Compte tenu de l'environnement rude où il a grandi, sa nature rude et tordue paraît presque inévitable.

Un endroit où des maris saouls battent leurs femmes, des prostituées arpentent les rues, et les ordures et les gaz d'échappement emplissent l'air — la violence, la fraude, la trahison et le vol y sont monnaie courante.

En fait, le quartier où Carlo a grandi affichait un taux de criminalité extrêmement élevé de ce genre.

On dit que Carlo y vivait avec sa seule mère.

« D'une certaine façon, c'est impressionnant. »

D'un tel lieu, il était né avec un talent naturel classé parmi les tout meilleurs, même à Seorn, où ne se rassemblent que des élèves d'exception.

Un lotus éclos dans la boue.

Mais comme une rose, de rudes épines poussent le long de sa tige.

Comme s'il ne permettrait jamais à personne d'essayer de le briser.

Ludger appela immédiatement l'élève suivant.

« Elmarra Foarle. »

« Yeees~. »

Une voix légèrement traînante, molle. On ne savait si c'était par fatigue ou par ennui.

Même ainsi, les élèves alentours la regardèrent comme si le simple fait de répondre à l'appel était remarquable.

Seule cette réaction montrait à quel point elle était indifférente à tout ce qui l'entourait.

« Elmarra Foarle. Une elfe. »

Pas du Royaume des Elfes, mais de l'une des petites tribus séparées.

La plupart des elfes manifestent un talent exceptionnel dans les arts des esprits ou les capacités druidiques, mais Elmarra est différente.

Elle possède avant tout un talent magique extraordinaire.

Surtout, quand Ludger dispersa son mana, elle réagit plus violemment et plus sensiblement que n'importe quel autre élève.

« Pour le dire simplement, ses instincts sont effroyablement affûtés. »

D'après son entourage, Elmarra est décontractée, facile à vivre, et même paresseuse.

On dit qu'elle ne répondrait pas quel que soit celui qui l'appelle, et qu'elle dort tout le temps comme si elle vivait dans son propre monde.

Avec la beauté et l'atmosphère caractéristiques des elfes, cela crée une scène pittoresque.

Mais contrairement à un tableau qu'on pourrait toucher du doigt, elle est comme une illusion qu'on ne peut jamais saisir.

C'est pourquoi, dans les évaluations écrites par les autres, elle est décrite comme une enfant qui ne bougerait pas même si le ciel s'effondrait.

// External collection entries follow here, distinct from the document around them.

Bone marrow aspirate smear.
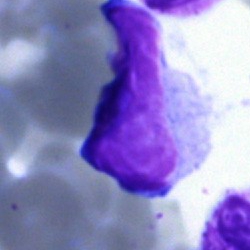
The classification is artifact.
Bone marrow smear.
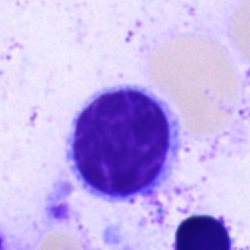Morphological class: lymphocyte.
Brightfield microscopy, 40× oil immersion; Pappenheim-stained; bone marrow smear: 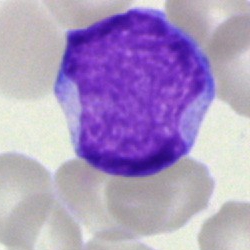 {"cell_type": "undifferentiated blast"}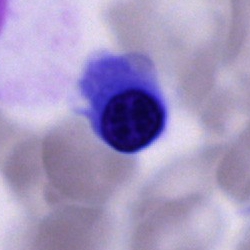Showing a nucleated red cell.
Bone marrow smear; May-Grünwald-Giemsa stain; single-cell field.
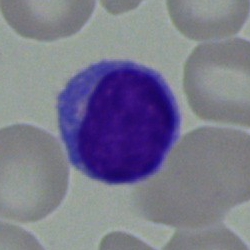

Classification: typical lymphocyte.
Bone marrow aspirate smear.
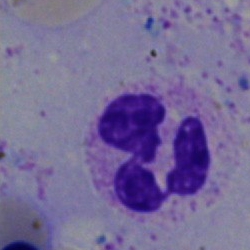
A polymorphonuclear neutrophil.
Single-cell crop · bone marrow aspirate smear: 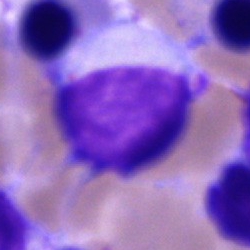
Q: What is the morphological classification of this cell?
A: A typical lymphocyte.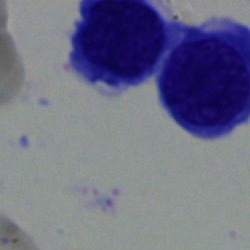
Q: What is shown here?
A: It is a normoblast.
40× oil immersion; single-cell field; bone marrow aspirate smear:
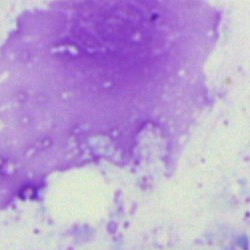Classification — artefact.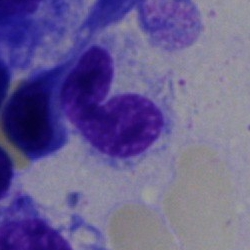Morphology → neutrophil (segmented).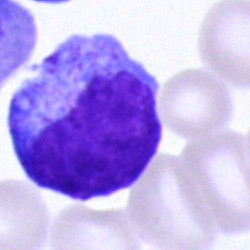Classification = promyelocyte.
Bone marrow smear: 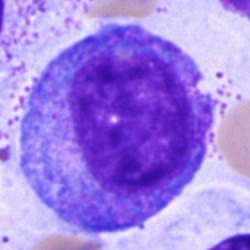
Progranulocyte.
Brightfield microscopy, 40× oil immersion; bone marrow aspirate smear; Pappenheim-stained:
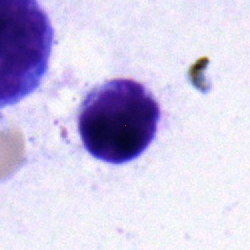 The cell type is lymphocyte.
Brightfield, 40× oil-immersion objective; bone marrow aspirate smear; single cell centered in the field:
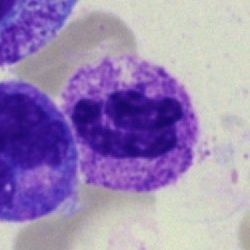

Q: What is shown here?
A: Neutrophil (segmented).
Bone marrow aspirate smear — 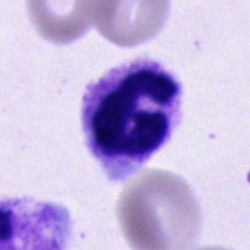A segmented neutrophil.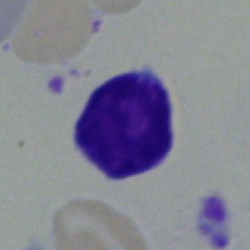Morphology — lymphocyte.
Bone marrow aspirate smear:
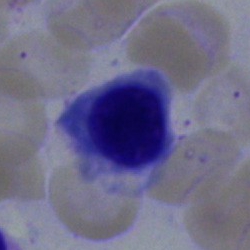

Cell type — erythroblast.
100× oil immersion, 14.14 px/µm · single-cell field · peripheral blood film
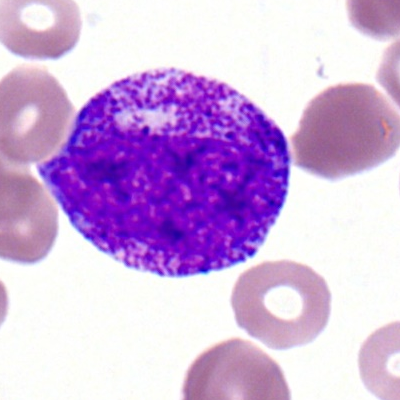

Specimen: peripheral blood smear.
Cell type: progranulocyte.
Lineage: myeloid.
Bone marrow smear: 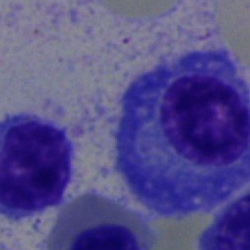

Cell — plasma cell.
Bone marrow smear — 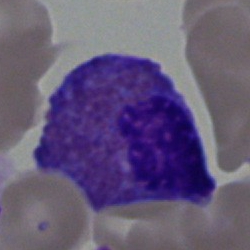 Classification: eosinophilic granulocyte.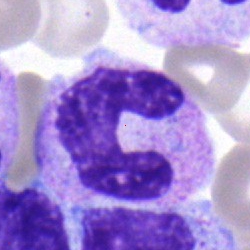

{"cell_type": "stab cell"}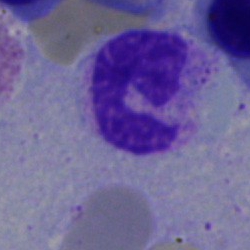 Q: Which cell type is shown here?
A: A neutrophil (segmented).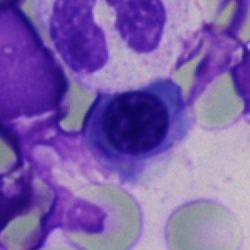The cell shown is an erythroblast.
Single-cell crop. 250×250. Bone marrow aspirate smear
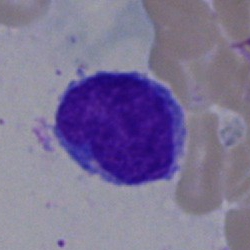Cell — undifferentiated blast.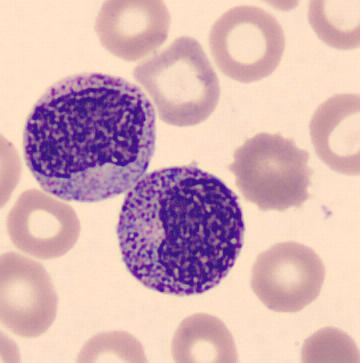
Specimen: peripheral blood film.
Cell type: myelocyte.
Lineage: myeloid.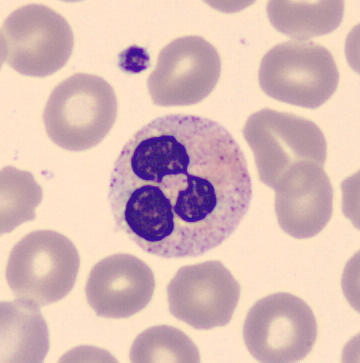This is a polymorphonuclear neutrophil.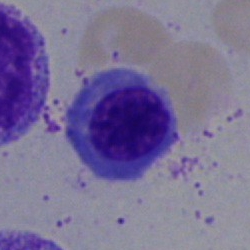 Erythroblast.
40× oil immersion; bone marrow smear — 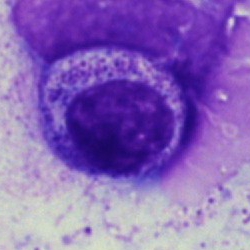
Morphology → myelocyte.
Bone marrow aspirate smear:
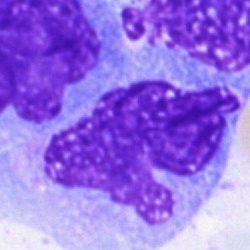 Q: What is the morphological classification of this cell?
A: This is a monocyte.
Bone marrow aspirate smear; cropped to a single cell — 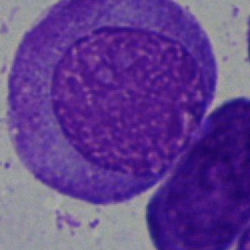 Q: What type of cell is this?
A: Progranulocyte.
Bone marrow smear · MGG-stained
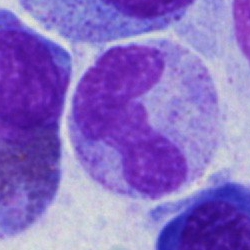 The cell type is neutrophil (band).
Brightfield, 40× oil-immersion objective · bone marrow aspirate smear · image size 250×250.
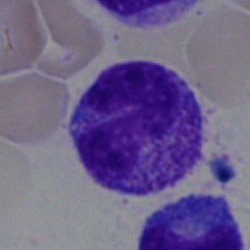
Specimen: bone marrow aspirate smear.
Cell type: neutrophil (band).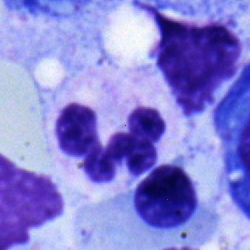 {"cell_type": "segmented neutrophil", "lineage": "myeloid"}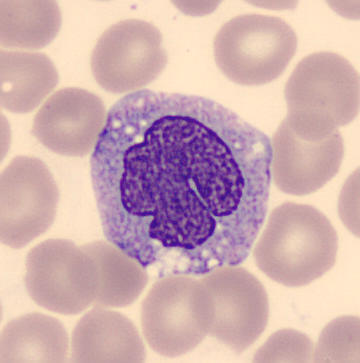 Monocyte.

Mais aux yeux de Ludger, Elmarra n'est pas paresseuse du tout.

Au contraire, c'est quelqu'un qui observe tout avec une attention excessive — et qui, pour cette raison, agit promptement quand cela compte vraiment.

Disons-le gentiment : elle est moins paresseuse qu'il n'y paraît.

« Disons-le méchamment, elle est plutôt fourbe. »

Même maintenant, elle répond en accord avec son attitude, mais Ludger lit l'émotion dans ses yeux.

Elle attendra probablement une ouverture, et si elle juge qu'il a l'air facile à manœuvrer, elle reviendra à ses vieilles habitudes.

À l'extérieur, elle a l'air chaleureuse et douce — comme un ours bien nourri juste avant l'hibernation.

Mais à l'intérieur, elle cache un serpent très venimeux.

« Robert Hirston. »

« Oui — oui ! »

Robert tenta de répondre énergiquement, mais sa voix trembla.

Pensant avoir réagi bizarrement, il baissa la tête encore plus bas.

« Robert Hirston. Un mage issu d'une famille militaire qui produit des Mages de Guerre. Il a un talent exceptionnel, mais en raison de son tempérament excessivement timide, on dit qu'il est un étranger même au sein de sa propre famille. »

Une famille qui produit des Mages de Guerre a naturellement une atmosphère stricte, militaire.

Et de là est né un enfant timide comme lui.

Du point de vue des aînés, cela a dû être insupportablement frustrant.

De plus, le talent de Robert est dit être parmi les meilleurs de l'histoire de la famille.

Qu'y a-t-il de plus regrettable qu'un tel enfant ne parvienne pas à réaliser son potentiel à cause de sa personnalité ?

Les aînés de la famille ont probablement tout essayé pour forger sa personnalité à coups de marteau.

« Mais à en juger par sa disposition actuelle, il semble que cet entraînement sévère à la militaire ait eu l'effet inverse. »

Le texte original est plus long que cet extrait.